SUPE que amaba el desierto del norte de Chile cuando visité las ruinas de una antigua ciudad minera, la Oficina Chacabuco, que se levantaba en medio de ninguna parte. Vi las casas de los mineros, el teatro, el cine, la escuela (todavía se veían los bancos de los niños y un fragmento de pizarra), el hotel donde se alojaban los visitantes que llegaban del lejano Sur y la casa de los ingenieros, en la que aún se alcanzaban a ver, sobre una costra de tierra recalentada, los restos de lo que había sido una pista de tenis. Iba conmigo una mujer, Vicky Saavedra, que había nacido en una de aquellas colonias mineras. Escarbando en el suelo, Vicky encontró dos canicas de barro con las que habían jugado los niños como ella, sesenta años atrás, cuando allí había una ciudad y en el cine se proyectaban las películas de Buster Keaton y del Gordo y el Flaco.

Copiapó, donde ahora se han quedado enterrados treinta mineros a setecientos metros de profundidad, está en el mismo desierto de Atacama. Allí no llueve casi nunca y hace un calor tan seco que la luz casi te hace daño en los ojos. No es por casualidad que el mejor observatorio astronómico del mundo se levanta en uno de los cerros de los Andes, en ese paisaje desértico en el que sólo se ven carreteras interminables y cruces fabricadas con placas de matrícula que señalan los lugares en los que se ha estrellado un camión cargado de combustible. Por la noche las temperaturas descienden varios grados bajo cero, y los contrastes términos son tan brutales que las rocas se desintegran más deprisa que en ningún otro clima. Hay gente que odia el paisaje del desierto. Yo lo considero uno de los más bellos que he visto nunca.

No me quiero ni imaginar lo que se siente cuando estás enterrado a setecientos metros de profundidad.
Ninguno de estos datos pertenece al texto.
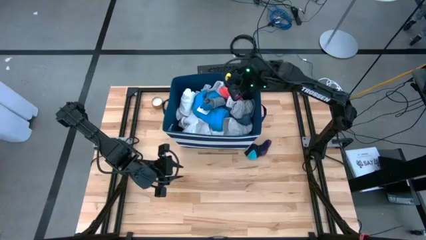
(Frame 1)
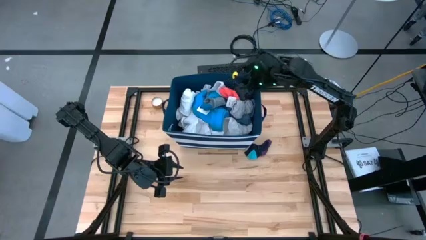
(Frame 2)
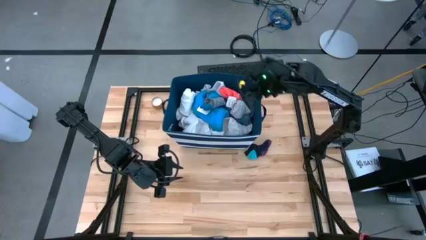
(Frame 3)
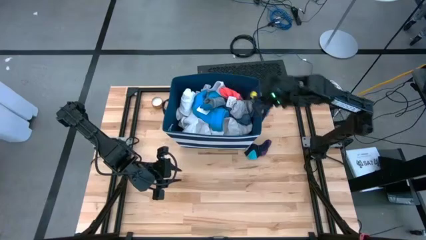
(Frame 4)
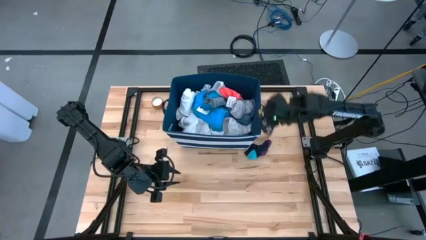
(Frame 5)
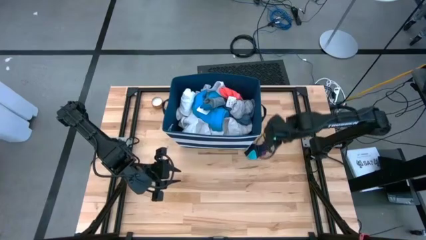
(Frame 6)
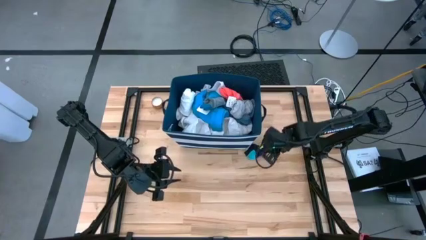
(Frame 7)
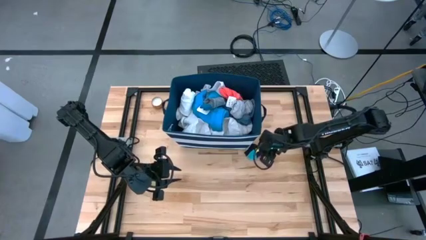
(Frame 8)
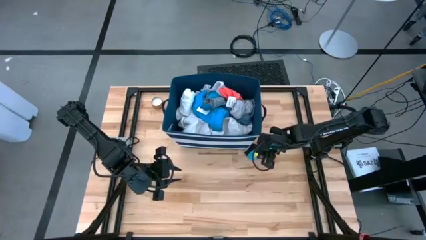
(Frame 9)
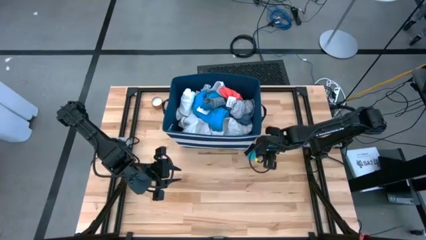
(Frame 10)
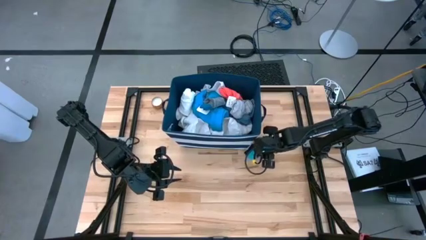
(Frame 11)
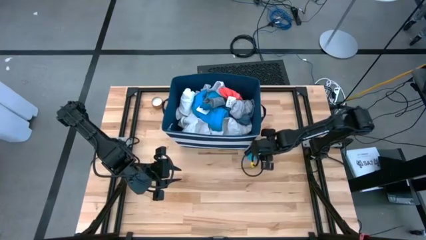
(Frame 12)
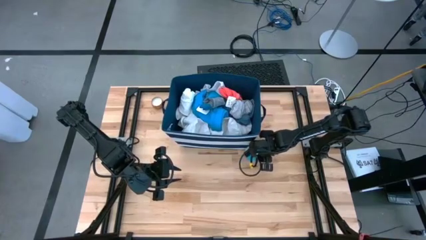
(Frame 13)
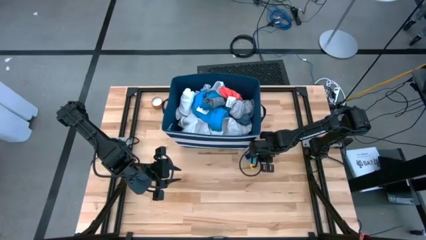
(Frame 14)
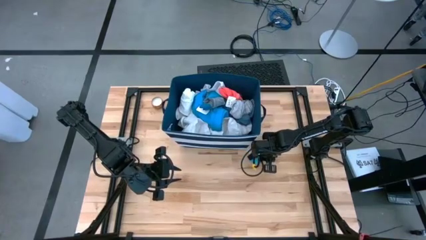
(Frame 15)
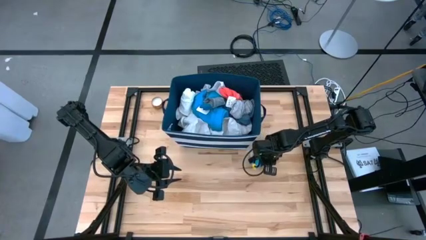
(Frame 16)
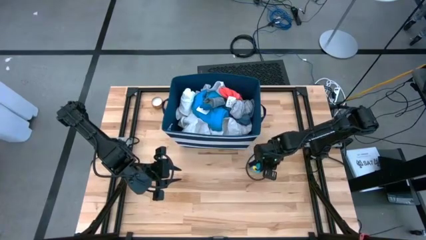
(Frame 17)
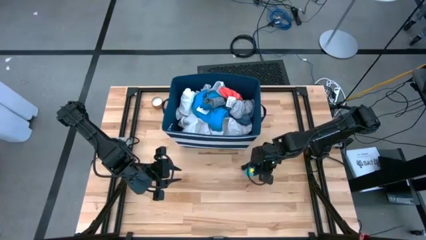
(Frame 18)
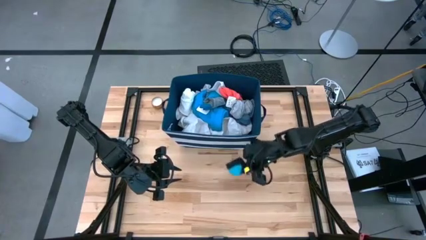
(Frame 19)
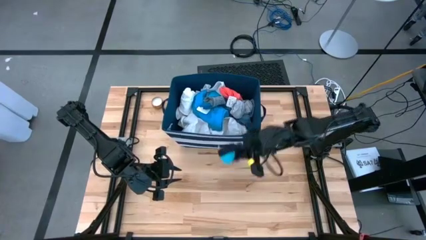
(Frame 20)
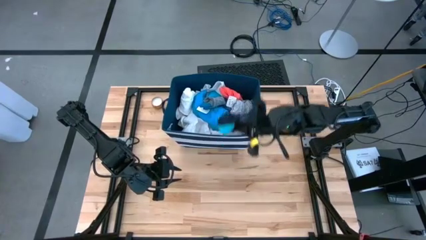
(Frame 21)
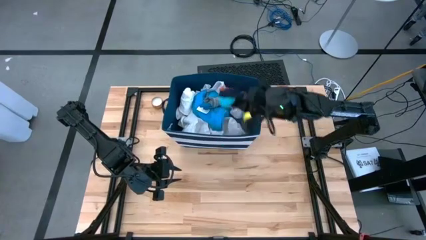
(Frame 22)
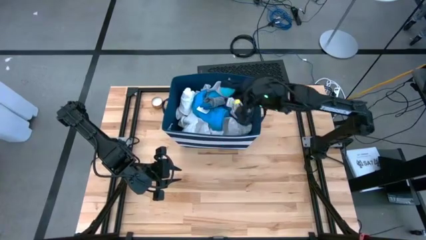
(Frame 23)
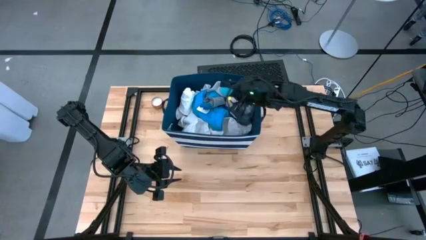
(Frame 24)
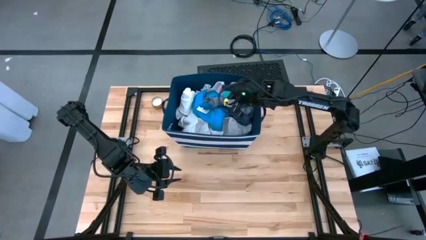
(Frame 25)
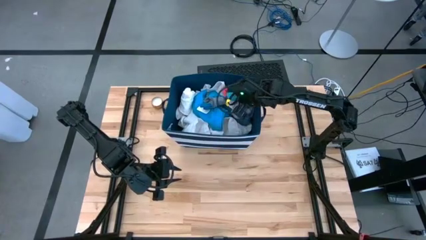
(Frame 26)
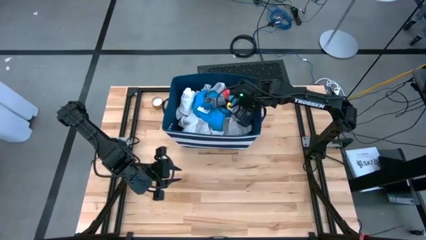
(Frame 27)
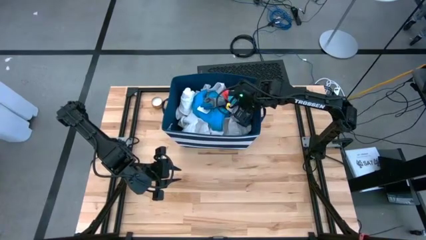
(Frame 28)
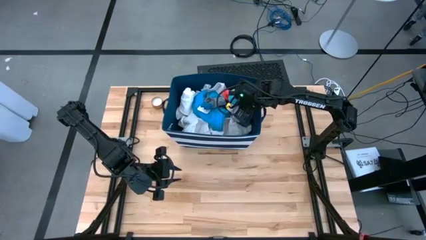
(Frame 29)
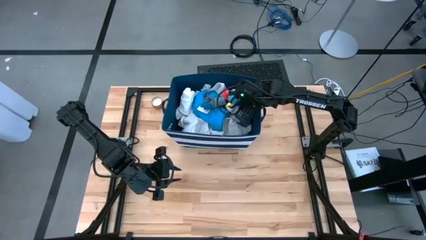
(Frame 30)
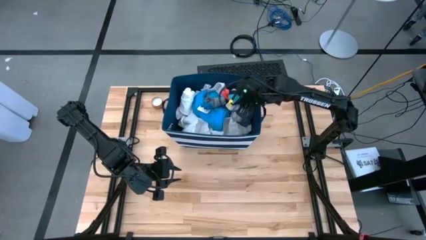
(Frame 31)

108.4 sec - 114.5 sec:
Task: Sort clothes
Put the dark blue sock into the white and blue laundry organizer

Algo así vivieron hace diez años los marineros rusos del submarino Kursk, sólo que ninguno de ellos vivió para contarlo. "Quedamos dieciséis. Nos hemos refugiado en el compartimiento número cuatro. Escribo esto a la luz de una linterna", escribió uno de los oficiales del submarino en una nota que logró ser rescatada (y que debería figurar en la historia de la literatura de terror). No sé si se podrá rescatar a estos treinta mineros de Copiapó. Vemos sus caras en una cámara que no sé cómo consigue atravesar la tierra, y sabemos lo poco que tienen para comer, y nos imaginamos la angustia y el miedo que sienten -porque hasta dentro de tres meses no se podrá encontrar una vía de rescate-, pero eso es todo. Nosotros estamos arriba, mientras que ellos están abajo, sin luz, sin espacio, sin comida, sin aire. Y quizá sin una linterna siquiera, o un pedazo de papel, para que alguien escriba que han tenido que refugiarse en la galería número cuatro.